The input Start Marker

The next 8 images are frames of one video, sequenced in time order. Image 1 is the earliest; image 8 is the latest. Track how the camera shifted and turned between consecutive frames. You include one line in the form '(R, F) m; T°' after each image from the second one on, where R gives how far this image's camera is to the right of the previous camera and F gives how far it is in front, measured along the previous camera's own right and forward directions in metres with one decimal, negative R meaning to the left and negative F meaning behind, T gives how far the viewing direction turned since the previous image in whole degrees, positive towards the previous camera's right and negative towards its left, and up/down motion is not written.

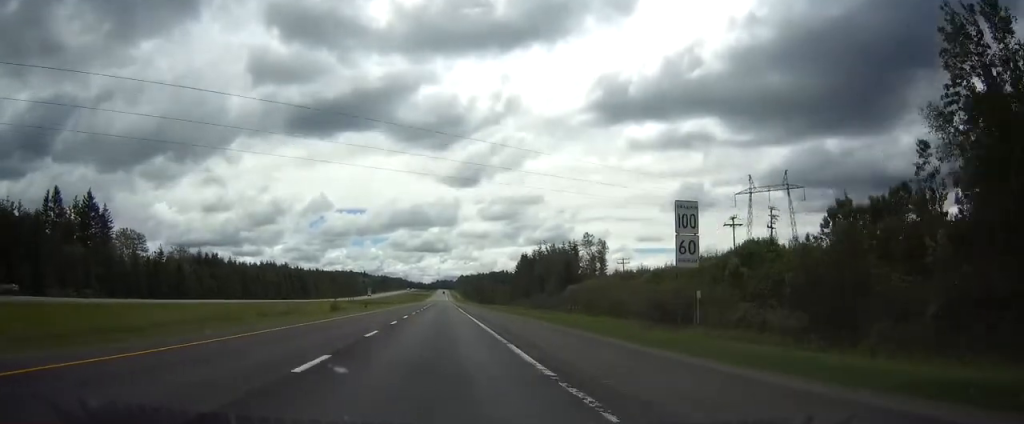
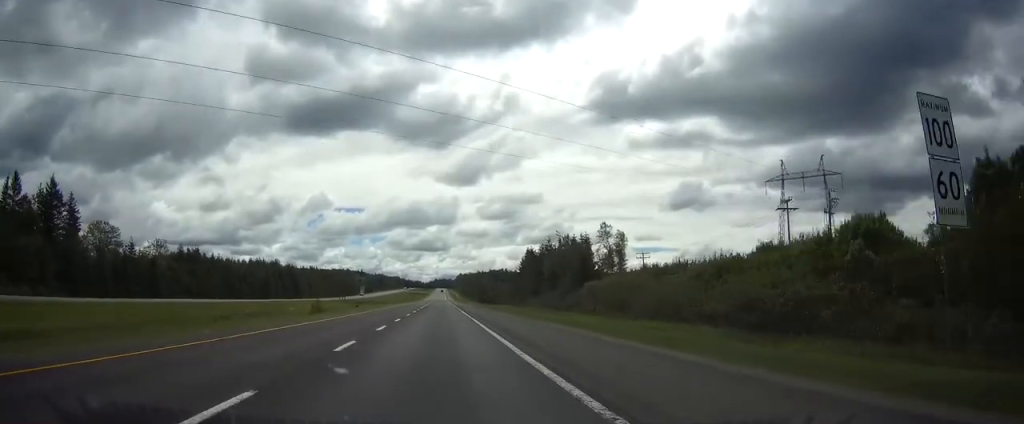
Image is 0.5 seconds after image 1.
(0.0, +14.3) m; 0°
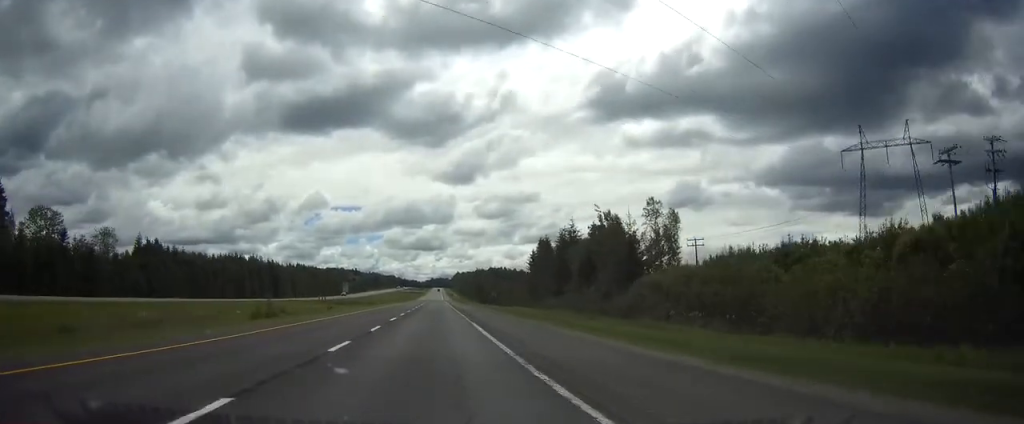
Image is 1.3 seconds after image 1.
(+0.1, +26.6) m; 0°
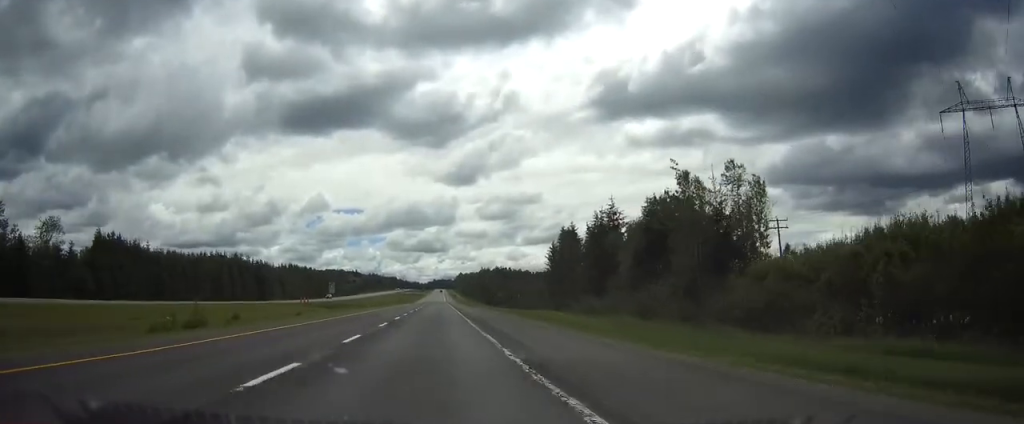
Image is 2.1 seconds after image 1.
(-0.1, +23.6) m; 0°
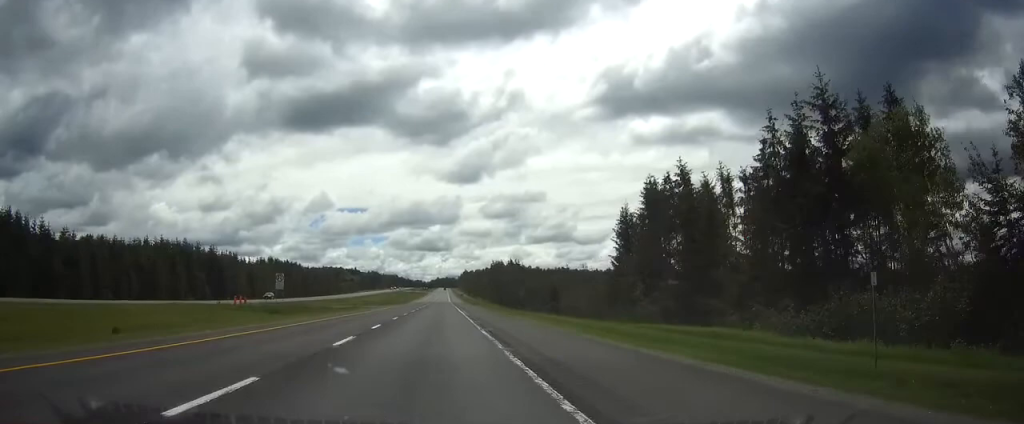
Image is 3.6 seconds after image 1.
(0.0, +47.1) m; 0°
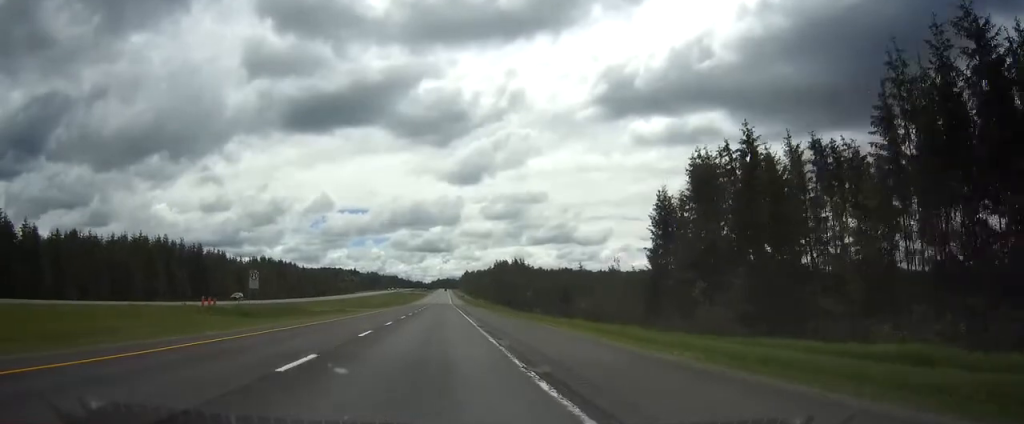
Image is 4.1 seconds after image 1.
(-0.1, +13.3) m; 0°
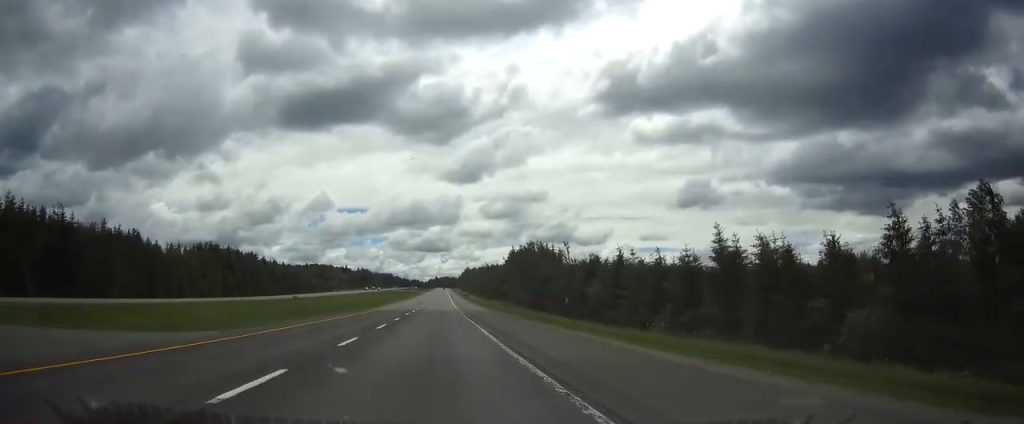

The input End Marker

The problem:
The copy you give must run from the line containing "Image is 1.3 seconds after image 1." through the last line of the records, exactly, with the pictures left out.

Answer below:
Image is 1.3 seconds after image 1.
(+0.1, +26.6) m; 0°
Image is 2.1 seconds after image 1.
(-0.1, +23.6) m; 0°
Image is 3.6 seconds after image 1.
(0.0, +47.1) m; 0°
Image is 4.1 seconds after image 1.
(-0.1, +13.3) m; 0°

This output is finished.